Exactly the lines from the one with "Question: Can you" through the end of the data below must be set down, and no pictures with them.

[Stored dataset items]

<<<<

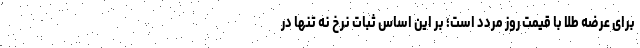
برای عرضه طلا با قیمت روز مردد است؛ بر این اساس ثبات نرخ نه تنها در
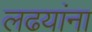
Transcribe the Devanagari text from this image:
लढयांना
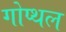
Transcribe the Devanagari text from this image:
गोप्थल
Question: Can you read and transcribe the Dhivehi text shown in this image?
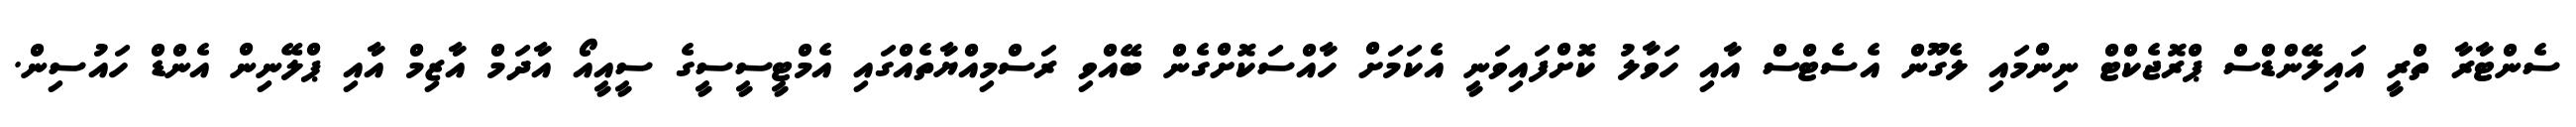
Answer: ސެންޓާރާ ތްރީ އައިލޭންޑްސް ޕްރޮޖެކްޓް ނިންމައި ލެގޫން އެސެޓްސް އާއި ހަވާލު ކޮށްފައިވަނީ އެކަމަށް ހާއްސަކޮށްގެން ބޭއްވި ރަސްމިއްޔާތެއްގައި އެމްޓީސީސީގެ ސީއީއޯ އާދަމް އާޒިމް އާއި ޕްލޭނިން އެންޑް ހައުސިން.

>>>>

* **SOLUTION BELOW**:
Question: Can you read and transcribe the Dhivehi text shown in this image?
Answer: ސެންޓާރާ ތްރީ އައިލޭންޑްސް ޕްރޮޖެކްޓް ނިންމައި ލެގޫން އެސެޓްސް އާއި ހަވާލު ކޮށްފައިވަނީ އެކަމަށް ހާއްސަކޮށްގެން ބޭއްވި ރަސްމިއްޔާތެއްގައި އެމްޓީސީސީގެ ސީއީއޯ އާދަމް އާޒިމް އާއި ޕްލޭނިން އެންޑް ހައުސިން.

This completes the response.